Is it because Basotho are not producing or can’t produce at all?
Nope!

“Having worked directly with the NUL Innovation Hub and the Tsa Mahlale TV programme under the Hub, I have travelled the depth and breadth of Lesotho and I was amazed at the amount of work Basotho are doing,” she said.
What is the problem?
Basotho products are not given sufficient platforms to prove themselves.
“Credit where it is due, some shops are beginning to accept and sell Basotho products,” she said.
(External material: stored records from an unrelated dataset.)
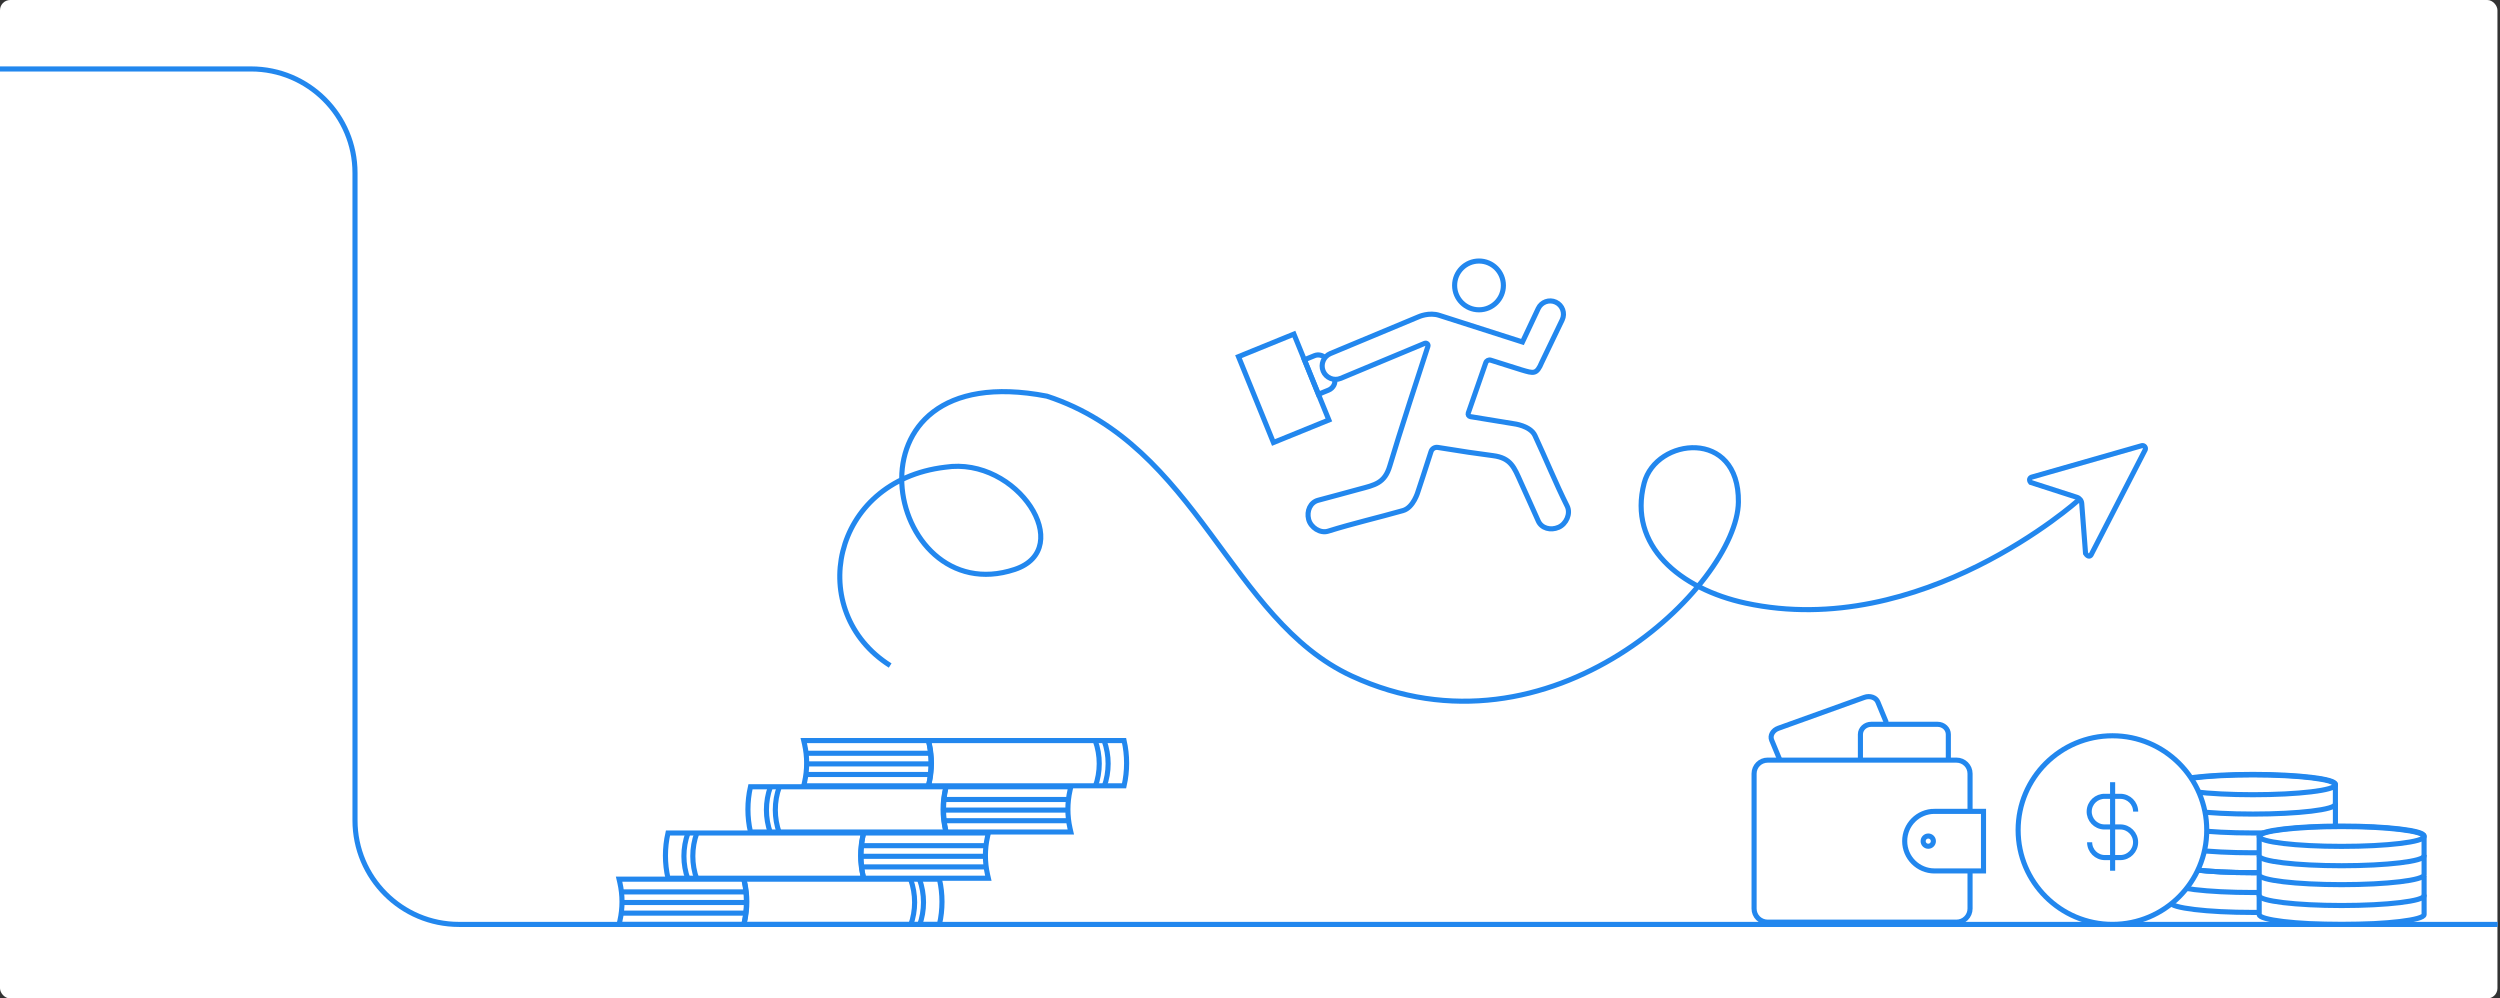 <svg width="979" height="391" viewBox="0 0 979 391" fill="none" xmlns="http://www.w3.org/2000/svg">
<rect x="0" y="0" width="979" height="391" fill="#333333" stroke="none"/>
<rect width="978" height="391" rx="4" fill="white"/>
<g clip-path="url(#clip0_246_1322)">
<path d="M978.1 362H179.75C157.25 362 139.02 343.76 139.02 321.27V291.9V67.73C139.02 45.23 120.78 27 98.29 27H0" stroke="#2287EE" stroke-width="2" stroke-miterlimit="10"/>
<path d="M771.47 341.06V355.82C771.47 358.75 769.1 361.12 766.17 361.12H692.2C689.27 361.12 686.9 358.75 686.9 355.82V302.97C686.9 300.04 689.27 297.67 692.2 297.67H766.17C769.1 297.67 771.47 300.04 771.47 302.97V317.7" stroke="#2287EE" stroke-width="2" stroke-miterlimit="10"/>
<path d="M757.55 317.73H776.74V341.06H757.55C751.11 341.06 745.88 335.83 745.88 329.39C745.88 322.95 751.11 317.72 757.55 317.72V317.73Z" stroke="#2287EE" stroke-width="2" stroke-miterlimit="10"/>
<path d="M696.95 297.49L693.79 289.84C693.05 288.06 694.22 285.98 696.4 285.2L730.09 273.09C732.27 272.31 734.63 273.12 735.36 274.9L738.69 282.95" stroke="#2287EE" stroke-width="2" stroke-miterlimit="10"/>
<path d="M728.54 297.67V287.58C728.54 285.41 730.43 283.64 732.76 283.64H758.75C761.08 283.64 762.97 285.4 762.97 287.58V297.67" stroke="#2287EE" stroke-width="2" stroke-miterlimit="10"/>
<path d="M757.11 329.39C757.11 328.285 756.215 327.39 755.11 327.39C754.005 327.39 753.11 328.285 753.11 329.39C753.11 330.495 754.005 331.39 755.11 331.39C756.215 331.39 757.11 330.495 757.11 329.39Z" stroke="#2287EE" stroke-width="2" stroke-miterlimit="10"/>
<path d="M914.55 314.34V323.49" stroke="#2287EE" stroke-width="2" stroke-miterlimit="10"/>
<path d="M884.69 341.74C883.88 341.74 883.07 341.75 882.25 341.75C864.41 341.75 849.96 340.01 849.96 337.87V330.1" stroke="#2287EE" stroke-width="2" stroke-miterlimit="10"/>
<path d="M884.69 349.5C883.88 349.5 883.07 349.51 882.25 349.51C864.41 349.51 849.96 347.77 849.96 345.63V337.86" stroke="#2287EE" stroke-width="2" stroke-miterlimit="10"/>
<path d="M884.69 357.3C883.88 357.3 883.07 357.31 882.25 357.31C864.41 357.31 849.96 355.57 849.96 353.43V345.66" stroke="#2287EE" stroke-width="2" stroke-miterlimit="10"/>
<path d="M949.28 342.95V350.72C949.28 352.86 934.82 354.6 916.99 354.6C899.16 354.6 884.7 352.86 884.7 350.72V342.95" stroke="#2287EE" stroke-width="2" stroke-miterlimit="10"/>
<path d="M949.28 350.36V358.13C949.28 360.27 934.82 362.01 916.99 362.01C899.16 362.01 884.7 360.27 884.7 358.13V350.36" stroke="#2287EE" stroke-width="2" stroke-miterlimit="10"/>
<path d="M882.25 311.21C900.083 311.21 914.54 309.473 914.54 307.33C914.54 305.187 900.083 303.45 882.25 303.45C864.417 303.45 849.96 305.187 849.96 307.33C849.96 309.473 864.417 311.21 882.25 311.21Z" stroke="#2287EE" stroke-width="2" stroke-miterlimit="10"/>
<path d="M849.96 307.14C849.96 305 864.42 303.26 882.25 303.26C900.08 303.26 914.54 305 914.54 307.14V314.91C914.54 317.05 900.08 318.79 882.25 318.79C864.42 318.79 849.96 317.05 849.96 314.91V307.14Z" stroke="#2287EE" stroke-width="2" stroke-miterlimit="10"/>
<path d="M886.22 326.19C885.41 326.19 883.07 326.19 882.25 326.19C864.41 326.19 849.96 324.45 849.96 322.31V314.54" stroke="#2287EE" stroke-width="2" stroke-miterlimit="10"/>
<path d="M884.69 333.94C883.88 333.94 883.07 333.95 882.25 333.95C864.41 333.95 849.96 332.21 849.96 330.07V322.3" stroke="#2287EE" stroke-width="2" stroke-miterlimit="10"/>
<path d="M884.69 341.74C883.88 341.74 883.07 341.75 882.25 341.75C864.41 341.75 849.96 340.01 849.96 337.87V330.1" stroke="#2287EE" stroke-width="2" stroke-miterlimit="10"/>
<path d="M916.99 331.44C934.823 331.44 949.28 329.703 949.28 327.56C949.28 325.417 934.823 323.68 916.99 323.68C899.157 323.68 884.7 325.417 884.7 327.56C884.7 329.703 899.157 331.44 916.99 331.44Z" stroke="#2287EE" stroke-width="2" stroke-miterlimit="10"/>
<path d="M884.69 327.37C884.69 325.23 899.15 323.49 916.98 323.49C934.81 323.49 949.27 325.23 949.27 327.37V335.14C949.27 337.28 934.81 339.02 916.98 339.02C899.15 339.02 884.69 337.28 884.69 335.14V327.37Z" stroke="#2287EE" stroke-width="2" stroke-miterlimit="10"/>
<path d="M949.28 334.78V342.55C949.28 344.69 934.82 346.43 916.99 346.43C899.16 346.43 884.7 344.69 884.7 342.55V335.15" stroke="#2287EE" stroke-width="2" stroke-miterlimit="10"/>
<path d="M348.59 260.62C315.27 239.59 325.29 188.33 370.13 182.96C398.5 178.61 421.7 214.92 397.36 222.99C346.45 239.88 326.19 138.95 409.95 155.13C468.95 174.37 481.71 242.7 529.31 264.72C607.3 300.8 680.35 228.84 680.76 196.61C681.13 167.66 648.51 171.33 643.85 189.18C637.44 213.7 657.95 230.63 683.56 236.18C752.34 251.09 813.87 195.9 813.87 195.9" stroke="#2287EE" stroke-width="2" stroke-miterlimit="10"/>
<path d="M579.18 121.32C584.454 121.32 588.73 117.044 588.73 111.77C588.73 106.496 584.454 102.22 579.18 102.22C573.906 102.22 569.63 106.496 569.63 111.77C569.63 117.044 573.906 121.32 579.18 121.32Z" stroke="#2287EE" stroke-width="2" stroke-miterlimit="10"/>
<path d="M506.695 130.832L484.993 139.662L498.677 173.294L520.38 164.464L506.695 130.832Z" stroke="#2287EE" stroke-width="2" stroke-miterlimit="10"/>
<path d="M522.58 148.55C523.11 149.86 522.21 151.97 520.24 152.78L516.29 154.39L510.8 140.89L514.75 139.28C516.21 138.69 517.82 139.05 518.89 140.09" stroke="#2287EE" stroke-width="2" stroke-miterlimit="10"/>
<path d="M575.01 177.09C578.74 177.63 582.07 178.09 584.65 178.43C591.67 179.33 592.95 183.02 595.54 188.82C597.8 193.89 599.95 198.47 602.37 203.99C603.65 206.91 607.24 207.85 610.35 206.49C613.35 205.18 615.16 201.14 613.71 198.22C609.18 189.14 605.37 179.73 601.08 170.55C599.27 166.67 592.77 165.93 592.77 165.93L575.8 163.15C575.15 163.04 574.76 162.38 574.97 161.76L581.84 142.03C582.12 141.23 582.98 140.79 583.79 141.05L595.88 144.86C600.58 146.24 601.73 146.75 603.76 141.89L611.76 125.25C612.98 122.65 611.87 119.56 609.28 118.34C606.68 117.12 603.59 118.23 602.37 120.82L596.2 133.92L595.77 133.78L563.74 123.53C559.65 122.14 555.51 124.06 555.51 124.06L520.99 138.45C518.31 139.57 517.04 142.65 518.16 145.33C519.28 148.01 522.36 149.28 525.04 148.16L557.9 134.46C558.65 134.15 559.42 134.85 559.17 135.62C556.69 143.2 547.69 170.77 544.25 182.45C542.25 189.24 538.4 189.92 532.26 191.56C526.9 192.99 522.03 194.39 516.2 195.9C513.11 196.7 511.62 200.1 512.46 203.38C513.27 206.55 516.98 208.98 520.09 208.01C529.77 204.98 539.67 202.71 549.42 199.94C553.54 198.77 555.3 192.47 555.3 192.47C555.3 192.47 558.55 182.68 560.39 176.84C560.74 175.72 561.86 175.03 563.03 175.21L575.01 177.09Z" stroke="#2287EE" stroke-width="2" stroke-miterlimit="10"/>
<path d="M815.2 197.12C815.12 196.02 814.38 195.09 813.33 194.75L795.18 188.9C794.42 187.91 794.78 186.95 795.98 186.74L838.77 174.51C839.67 174.35 840.4 175.23 840.08 176.09L819.09 216.85C818.65 218.04 817.68 218.21 816.7 216.71L815.2 197.12Z" stroke="#2287EE" stroke-width="2" stroke-miterlimit="10"/>
<path d="M291.68 349.27H242.81" stroke="#2287EE" stroke-width="2" stroke-miterlimit="10"/>
<path d="M291.68 353.42H242.81" stroke="#2287EE" stroke-width="2" stroke-miterlimit="10"/>
<path d="M291.68 357.58H242.81" stroke="#2287EE" stroke-width="2" stroke-miterlimit="10"/>
<path d="M291.3 362H242.43L242.75 360.6C243.86 355.69 243.86 350.6 242.75 345.69L242.43 344.29H291.3L291.62 345.69C292.73 350.6 292.73 355.69 291.62 360.6L291.3 362Z" stroke="#2287EE" stroke-width="2" stroke-miterlimit="10"/>
<path d="M367.89 362H291.3C292.62 356.17 292.62 350.12 291.3 344.29H367.89C369.21 350.12 369.21 356.17 367.89 362Z" stroke="#2287EE" stroke-width="2" stroke-miterlimit="10"/>
<path d="M360.07 344.29C362.17 350.14 362.17 356.54 360.07 362.39" stroke="#2287EE" stroke-width="2" stroke-miterlimit="10"/>
<path d="M356.59 344.29C358.69 350.14 358.69 356.54 356.59 362.39" stroke="#2287EE" stroke-width="2" stroke-miterlimit="10"/>
<path d="M337.79 331.17H386.65" stroke="#2287EE" stroke-width="2" stroke-miterlimit="10"/>
<path d="M337.79 335.33H386.65" stroke="#2287EE" stroke-width="2" stroke-miterlimit="10"/>
<path d="M337.79 339.48H386.65" stroke="#2287EE" stroke-width="2" stroke-miterlimit="10"/>
<path d="M338.17 343.91H387.04L386.72 342.51C385.61 337.6 385.61 332.51 386.72 327.6L387.04 326.2H338.17L337.85 327.6C336.74 332.51 336.74 337.6 337.85 342.51L338.17 343.91Z" stroke="#2287EE" stroke-width="2" stroke-miterlimit="10"/>
<path d="M261.58 343.91H338.17C336.85 338.08 336.85 332.03 338.17 326.2H261.58C260.26 332.03 260.26 338.08 261.58 343.91Z" stroke="#2287EE" stroke-width="2" stroke-miterlimit="10"/>
<path d="M269.4 326.2C267.3 332.05 267.3 338.45 269.4 344.3" stroke="#2287EE" stroke-width="2" stroke-miterlimit="10"/>
<path d="M272.88 326.2C270.78 332.05 270.78 338.45 272.88 344.3" stroke="#2287EE" stroke-width="2" stroke-miterlimit="10"/>
<path d="M370.09 313.08H418.96" stroke="#2287EE" stroke-width="2" stroke-miterlimit="10"/>
<path d="M370.09 317.23H418.96" stroke="#2287EE" stroke-width="2" stroke-miterlimit="10"/>
<path d="M370.09 321.39H418.96" stroke="#2287EE" stroke-width="2" stroke-miterlimit="10"/>
<path d="M370.47 325.81H419.34L419.02 324.41C417.91 319.5 417.91 314.41 419.02 309.5L419.34 308.1H370.47L370.15 309.5C369.04 314.41 369.04 319.5 370.15 324.41L370.47 325.81Z" stroke="#2287EE" stroke-width="2" stroke-miterlimit="10"/>
<path d="M293.88 325.81H370.47C369.15 319.98 369.15 313.93 370.47 308.1H293.88C292.56 313.93 292.56 319.98 293.88 325.81Z" stroke="#2287EE" stroke-width="2" stroke-miterlimit="10"/>
<path d="M301.71 308.1C299.61 313.95 299.61 320.35 301.71 326.2" stroke="#2287EE" stroke-width="2" stroke-miterlimit="10"/>
<path d="M305.19 308.1C303.09 313.95 303.09 320.35 305.19 326.2" stroke="#2287EE" stroke-width="2" stroke-miterlimit="10"/>
<path d="M363.99 294.98H315.12" stroke="#2287EE" stroke-width="2" stroke-miterlimit="10"/>
<path d="M363.99 299.14H315.12" stroke="#2287EE" stroke-width="2" stroke-miterlimit="10"/>
<path d="M363.99 303.29H315.12" stroke="#2287EE" stroke-width="2" stroke-miterlimit="10"/>
<path d="M363.61 307.72H314.74L315.06 306.32C316.17 301.41 316.17 296.32 315.06 291.41L314.74 290.01H363.61L363.93 291.41C365.04 296.32 365.04 301.41 363.93 306.32L363.61 307.72Z" stroke="#2287EE" stroke-width="2" stroke-miterlimit="10"/>
<path d="M440.19 307.72H363.6C364.92 301.89 364.92 295.84 363.6 290.01H440.19C441.51 295.84 441.51 301.89 440.19 307.72Z" stroke="#2287EE" stroke-width="2" stroke-miterlimit="10"/>
<path d="M432.37 290C434.47 295.85 434.47 302.25 432.37 308.1" stroke="#2287EE" stroke-width="2" stroke-miterlimit="10"/>
<path d="M428.89 290C430.99 295.85 430.99 302.25 428.89 308.1" stroke="#2287EE" stroke-width="2" stroke-miterlimit="10"/>
<path d="M827.23 361.99C847.626 361.99 864.16 345.456 864.16 325.06C864.16 304.664 847.626 288.13 827.23 288.13C806.834 288.13 790.3 304.664 790.3 325.06C790.3 345.456 806.834 361.99 827.23 361.99Z" fill="white" stroke="#2287EE" stroke-width="2" stroke-miterlimit="10"/>
<path d="M836.32 317.83C836.32 314.52 833.64 311.84 830.33 311.84H824.33C821.02 311.73 818.24 314.32 818.13 317.63C818.02 320.94 820.61 323.72 823.92 323.83C824.05 323.83 824.19 323.83 824.33 323.83H830.3C833.61 323.83 836.3 326.52 836.3 329.83C836.3 333.14 833.61 335.83 830.3 335.83H824.3C820.99 335.83 818.3 333.15 818.3 329.83" stroke="#2287EE" stroke-width="2" stroke-miterlimit="10"/>
<path d="M827.3 306.31V340.98" stroke="#2287EE" stroke-width="2" stroke-miterlimit="10"/>
</g>
<defs>
<clipPath id="clip0_246_1322">
<rect width="978.1" height="337.01" fill="white" transform="translate(0 26)"/>
</clipPath>
</defs>
</svg>

“However, they are barely making a dent because Basotho products, being at their infancy, cannot receive full attention unless by a store that is designed to give them full attention.”
Such a store doesn’t exist.

She said the idea is not to compete with any of the existing stores because “we are getting into a new territory altogether, we are addressing a different market”.
So listen to Lesiea as she presents some features of the store that will surely persuade you to join the bandwagon:

  1. Customer and producer confidence: The store, she said, will achieve two things.
    First, when they see masses of Lesotho-made products in one place, Basotho customers will slowly grow confidence in them.
    The confidence will shoot to the roof when the customers experience that many of the products made in Lesotho are already way ahead of foreign competitors in terms of quality.
    Secondly, the store will give Basotho producers an assurance that their products have, at least, one store that is willing to take them, dark or blue.
    More production will come from such assurance.
  2. Selling “everything”: The store will sell everything from fruits and vegetables to processed foodstuffs to clothing and building materials (if Thabure car will be in production by then, it will be on the shelves too).
    “Suppose what we want to sell is not locally made, we will never cross the border, any border, to find its equivalence. We will encourage Basotho to produce it until they do.”
  3. We mean business: whereas Basotho are beginning to produce, their products are still all over the place.
    You bump across them in some few willing stores, in expos and trade shows, or as being sold by individual resellers. Those are good efforts, but they are not enough. In fact, many in Lesotho have come to see producing and selling as being more of an art, a hobby, a therapy or a hustling than a business, “so we are seriously moving away from such a casual approach, we mean business this time around.”
  4. Ownership: So when you enter this store, you could be purchasing a product made by you in a store owned by you. What a difference!
  5. Reasonable standards: the store will only demand reasonable standards. As a struggling Mosotho, try taking your products to some of the local shops and you are, at worst, turned away without reason or, at best, given a long list of standards you must meet before they can take your product.
    “In our case, as long as your products are reasonably of good quality, you are in. NUL Innovation Hub is already testing many Basotho products. We won’t ignore quality, but we won’t use it as a way to prevent Basotho products from growing either.”
  6. A cooperative chainstore: From contributing as little as M50 per month, members will use a continuous financing model to ensure that the store doesn’t just end in Maseru but reaches the ten districts of Lesotho.
    Each branch will start at a medium scale in order to grow along with Basotho products. We won’t ask for investors to come from anywhere, “we will be investors ourselves.”
  7. An export launch pad. “We are often told to export our produce. The obvious question is, if you haven’t convinced your own people to consume your own products, how can you convince people in other lands to do so? Why should they take you seriously?”
    However, the store is not meant to be a local store forever.
    It will be a means by which we export our products to other countries in the future.
    When we export the store to Soweto, we export it along with products from Lesotho.
    Don’t say no because we have seen Chinese shops and Indian shops and, of course, South African shops, filled to the brim with Chinese products and Indian products and South African products in many countries.
    “If they can do it,” Lesiea ended, “so can we.”
    “Because if it is there in some of us, it is there in all of us.”